**EXERCISE GOAL**
Find all lines in the records that include the word "aerial", and copy them out.

**THE RECORDS**

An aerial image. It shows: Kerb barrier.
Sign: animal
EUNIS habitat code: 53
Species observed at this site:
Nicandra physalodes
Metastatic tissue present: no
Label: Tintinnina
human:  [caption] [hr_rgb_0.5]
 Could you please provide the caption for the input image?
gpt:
==
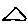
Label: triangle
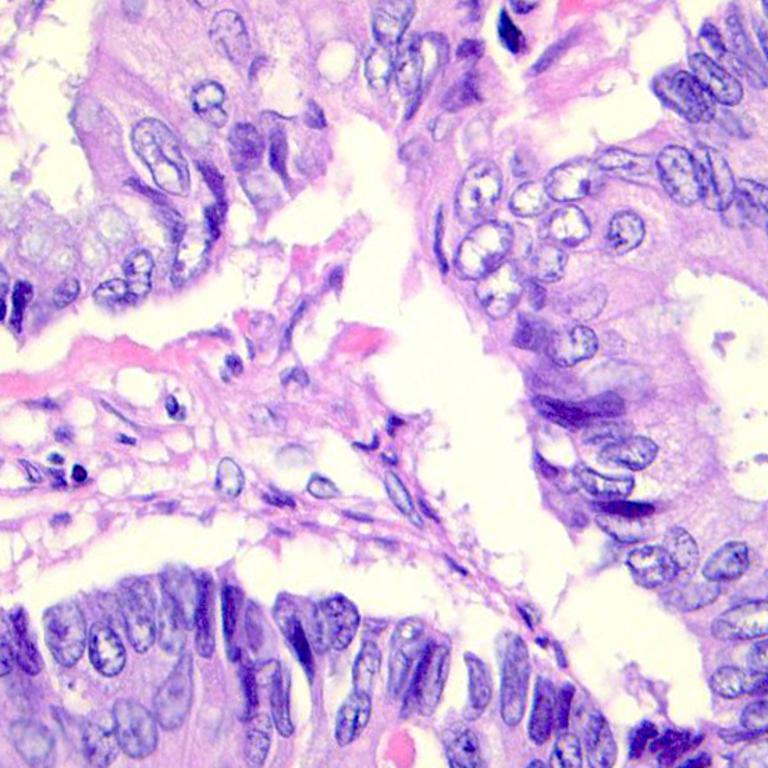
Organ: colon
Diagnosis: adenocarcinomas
==
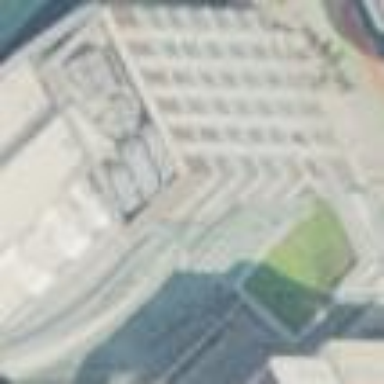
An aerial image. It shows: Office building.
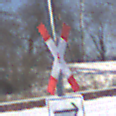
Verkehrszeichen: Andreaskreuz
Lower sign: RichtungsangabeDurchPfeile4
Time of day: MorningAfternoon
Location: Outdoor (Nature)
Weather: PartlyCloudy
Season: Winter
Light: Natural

**REPLY**
An aerial image. It shows: Kerb barrier.
An aerial image. It shows: Office building.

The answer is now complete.